In [None]:
import pandas as pd
import numpy as np
from nltk.corpus import stopwords
from nltk import word_tokenize, FreqDist
import spacy
import string
import re
from sklearn.feature_extraction.text import TfidfVectorizer
from sklearn.metrics import accuracy_score, precision_score, recall_score, f1_score
from sklearn.model_selection import train_test_split, GridSearchCV
from sklearn.linear_model import LogisticRegression
from sklearn.svm import SVC
from sklearn.ensemble import RandomForestClassifier, VotingClassifier
import textstat
from gensim import corpora, models
from nltk.lm import MLE
from nltk.lm.preprocessing import padded_everygram_pipeline
from vaderSentiment.vaderSentiment import SentimentIntensityAnalyzer
from nltk.util import ngrams
from scipy.sparse import hstack

In [None]:
# data Preparation

text_data = pd.read_csv("ai-or-human-ml-model/AI_Human_random_10k.csv")

human_data = text_data[text_data["generated"] == 0].sample(500)
ai_data = text_data[text_data["generated"] == 1].sample(500)

text_data = pd.concat([human_data, ai_data])

In [None]:
# download stop words & define punctuation

import nltk

nltk.download("stopwords")
stop_words = set(stopwords.words("english"))
punctuations = string.punctuation

In [None]:
# text preprocessing

nltk.download("punkt")


def preprocess_text(text):
    text = text.lower()
    text = re.sub(r"[^a-zA-Z0-9\s]", "", text)

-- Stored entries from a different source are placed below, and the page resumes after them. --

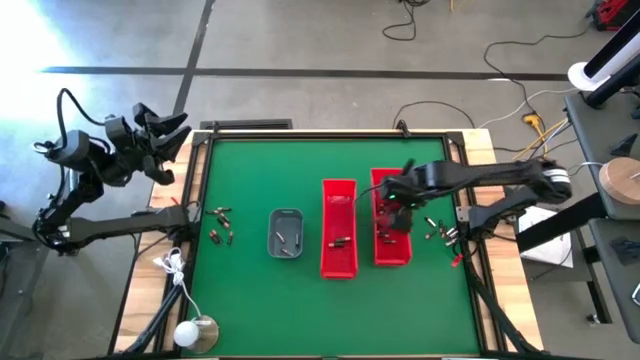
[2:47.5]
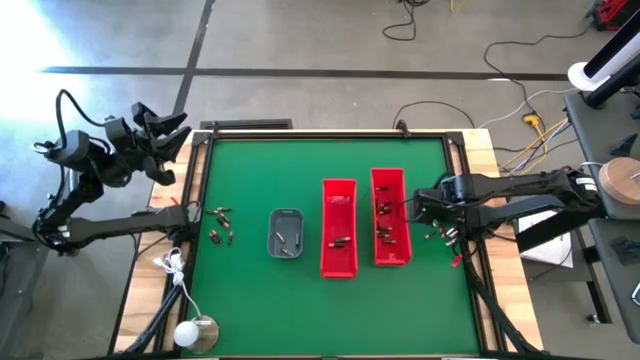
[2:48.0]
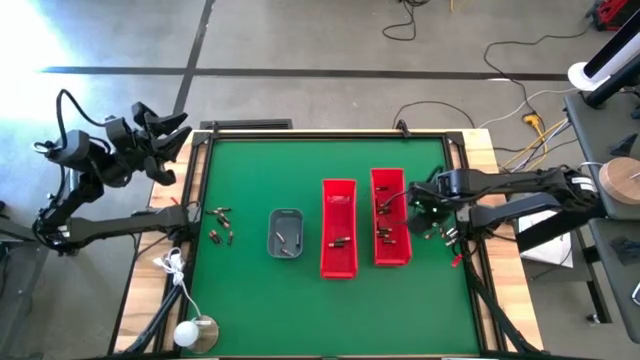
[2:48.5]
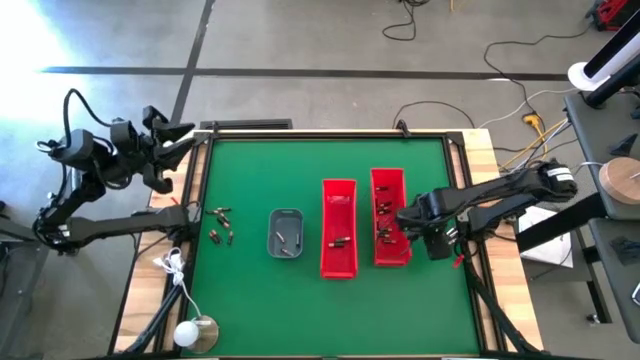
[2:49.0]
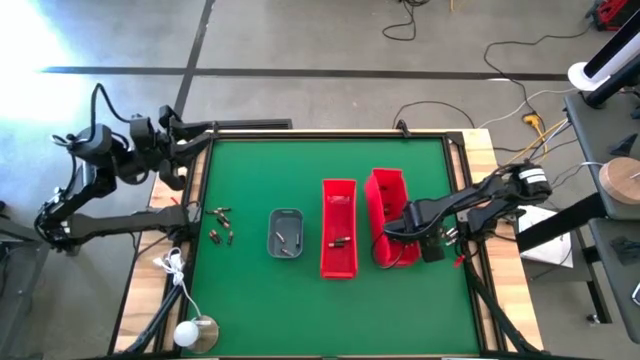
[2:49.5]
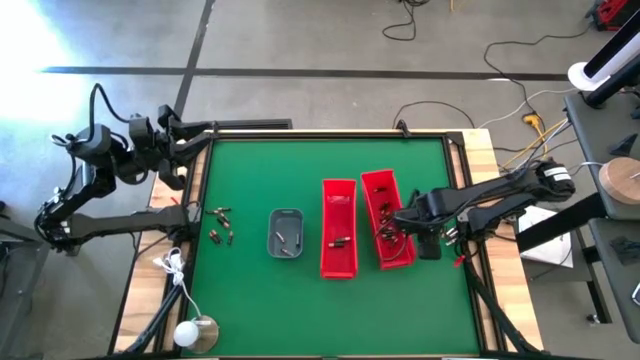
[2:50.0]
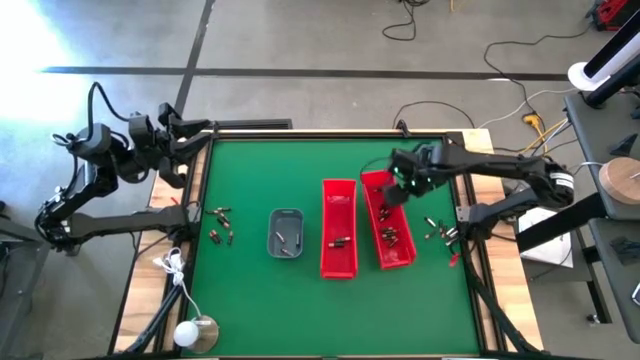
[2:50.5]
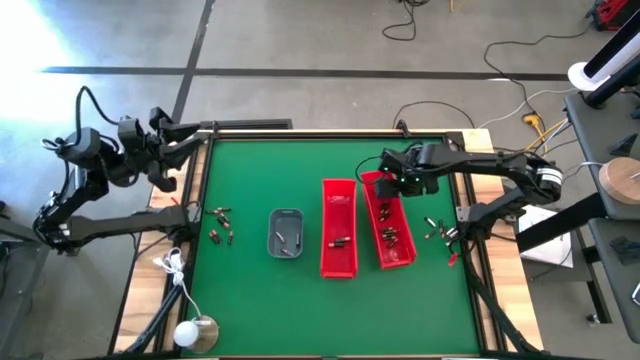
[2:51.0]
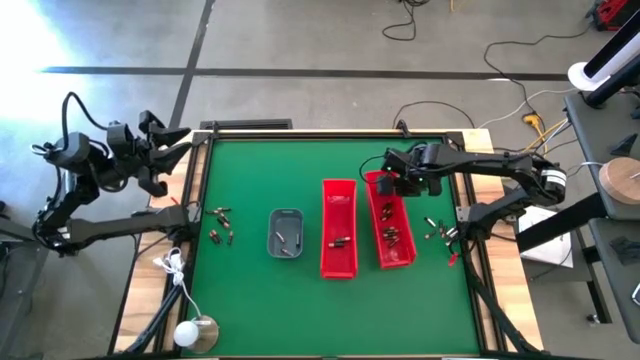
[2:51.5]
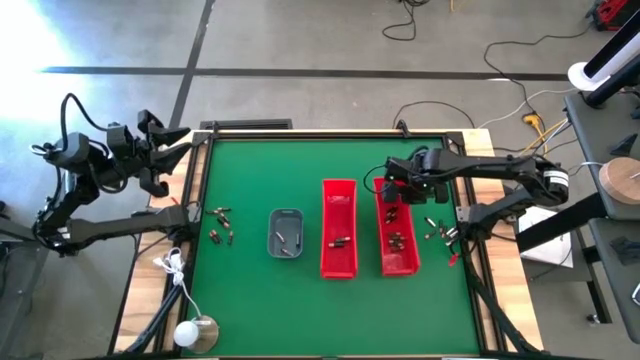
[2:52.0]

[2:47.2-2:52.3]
Task: Sort batteries
Adjust the right red bin on the table

    tokens = word_tokenize(text)
    filtered_tokens = [
        token
        for token in tokens
        if token not in stop_words and token not in punctuations
    ]

    preprocessed_text = " ".join(filtered_tokens)

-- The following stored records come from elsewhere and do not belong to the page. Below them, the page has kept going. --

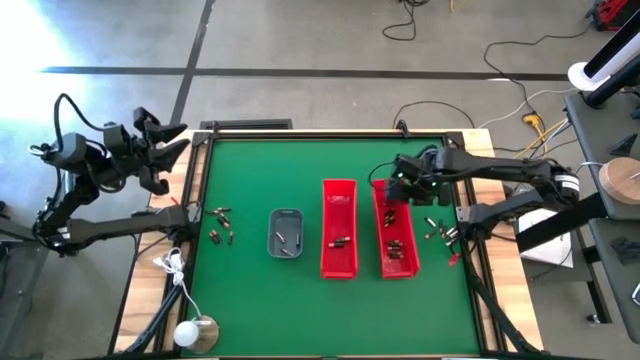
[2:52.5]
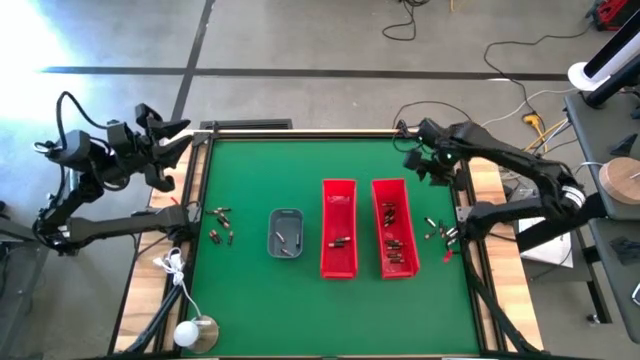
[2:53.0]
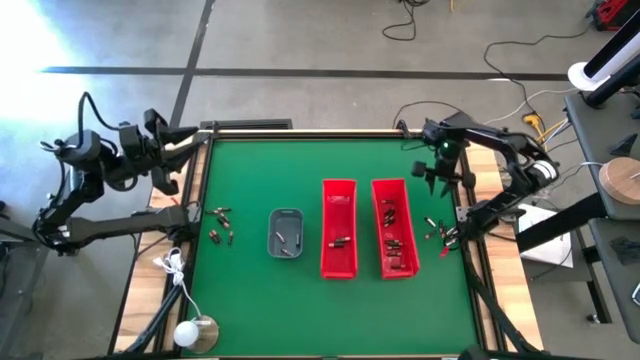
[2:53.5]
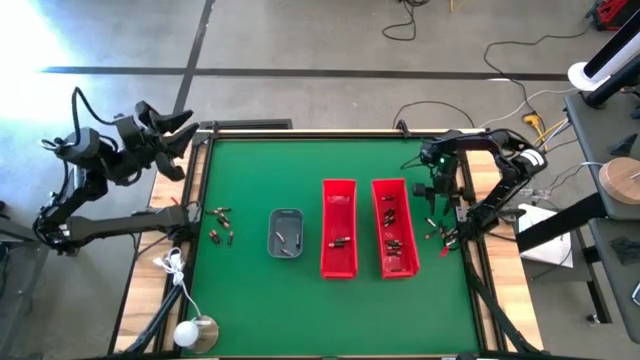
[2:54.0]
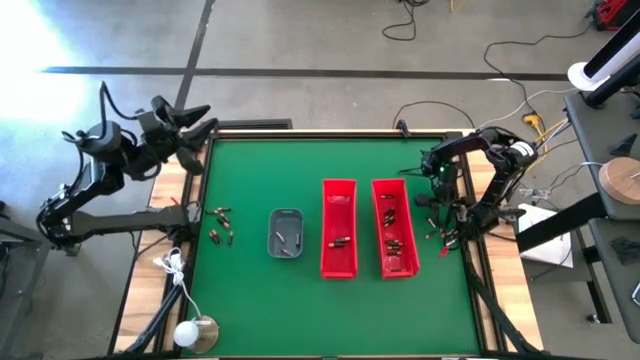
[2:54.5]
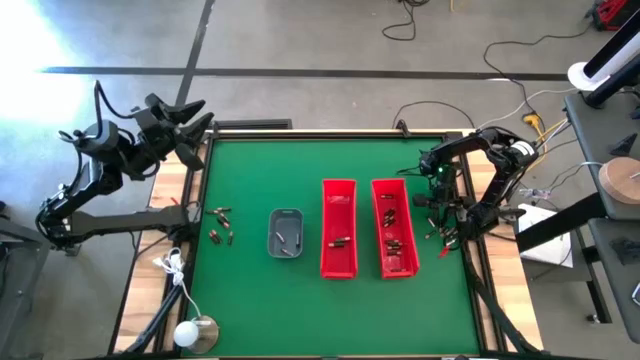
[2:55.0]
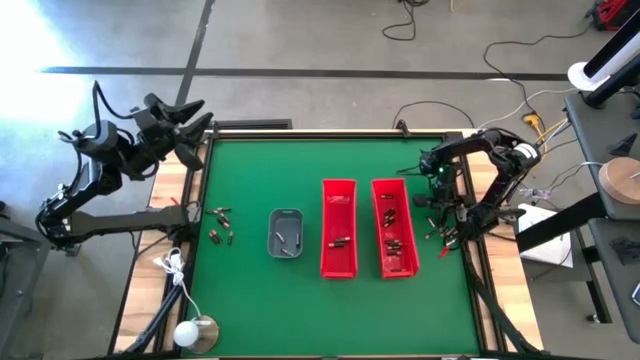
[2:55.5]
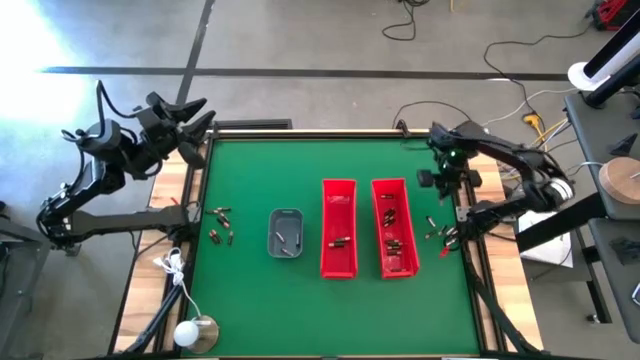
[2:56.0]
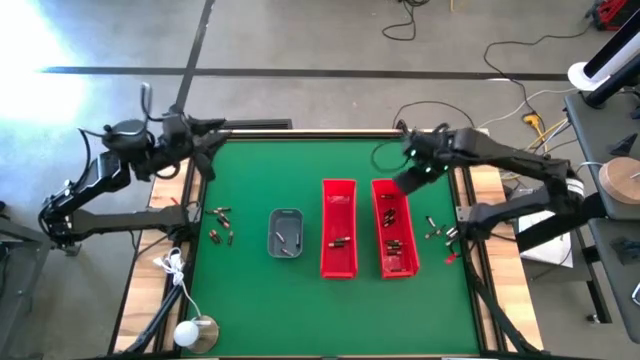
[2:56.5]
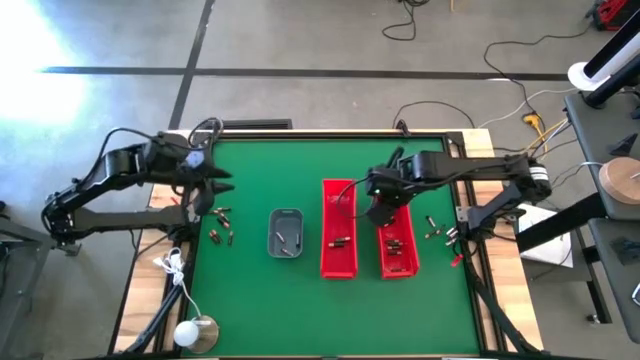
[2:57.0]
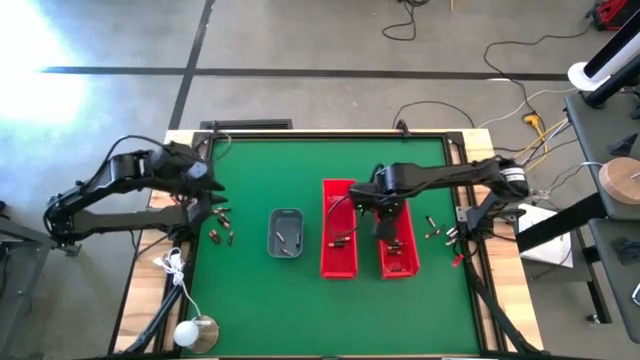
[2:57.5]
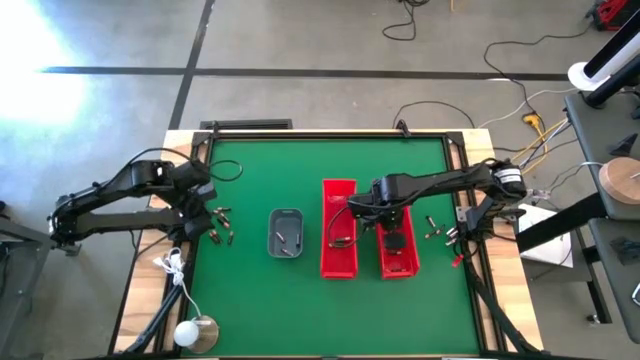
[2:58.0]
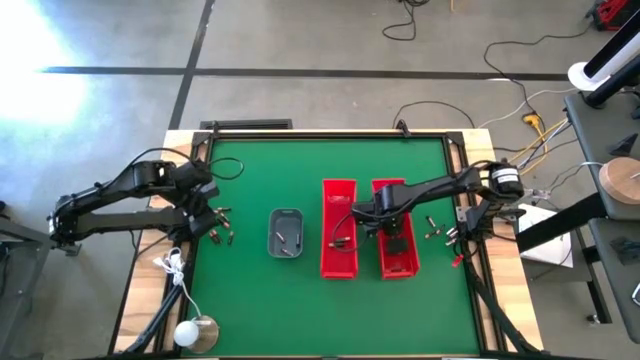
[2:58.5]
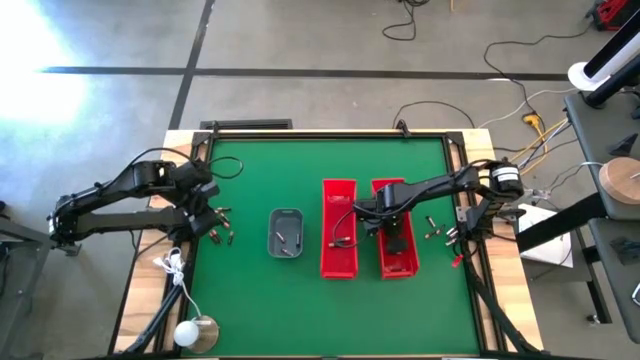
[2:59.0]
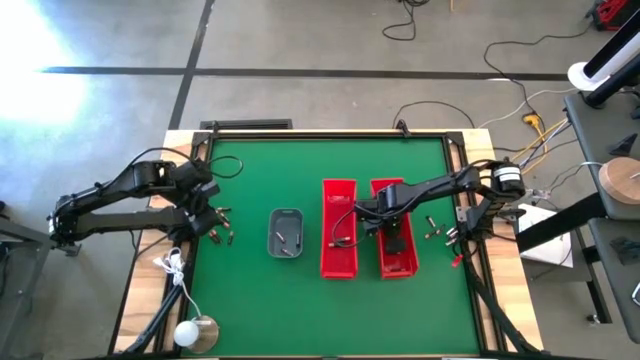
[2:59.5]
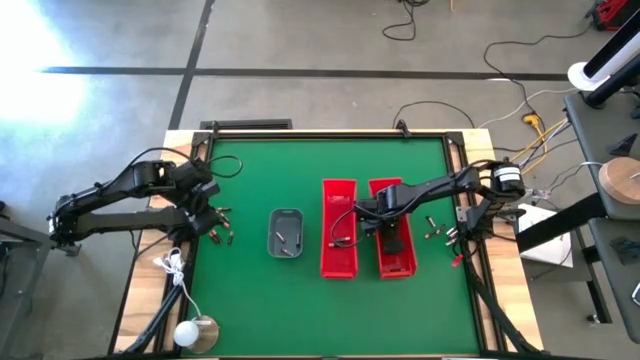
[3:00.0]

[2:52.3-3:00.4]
Put the small black battery into the right red bin

    return preprocessed_text


text_data["text"] = text_data["text"].apply(preprocess_text)

In [6]:
nlp = spacy.load("en_core_web_sm")

In [7]:
# feature extraction (linguistic features)


def extract_linguistic_features(text, label):
    doc = nlp(text)
    features = {}

    # lexical features
    features["word_count"] = len([token for token in doc if not token.is_punct])
    features["unique_word_count"] = len(
        set([token.text for token in doc if not token.is_punct])
    )
    features["ttr"] = (
        features["unique_word_count"] / features["word_count"]
        if features["word_count"] > 0
        else 0
    )
    features["noun_count"] = len([token for token in doc if token.pos_ == "NOUN"])
    features["verb_count"] = len([token for token in doc if token.pos_ == "VERB"])
    features["adj_count"] = len([token for token in doc if token.pos_ == "ADJ"])

    # syntactic features
    features["avg_sent_len"] = np.mean([len(sent) for sent in doc.sents])
    features["max_sent_len"] = max([len(sent) for sent in doc.sents], default=0)
    features["min_sent_len"] = min([len(sent) for sent in doc.sents], default=0)
    features["passive_voice_count"] = len(
        [token for token in doc if token.dep_ == "auxpass"]
    )

    # discourse & rhetorical features
    features["entity_count"] = len(doc.ents)
    features["conjunction_count"] = len(
        [token for token in doc if token.pos_ == "CCONJ"]
    )

    # stylistic features
    features["contraction_count"] = len(
        [
            token
            for token in doc
            if token.text in ["n't", "'s", "'d", "'ll", "'re", "'ve"]
        ]
    )
    features["punctuation_count"] = len([token for token in doc if token.is_punct])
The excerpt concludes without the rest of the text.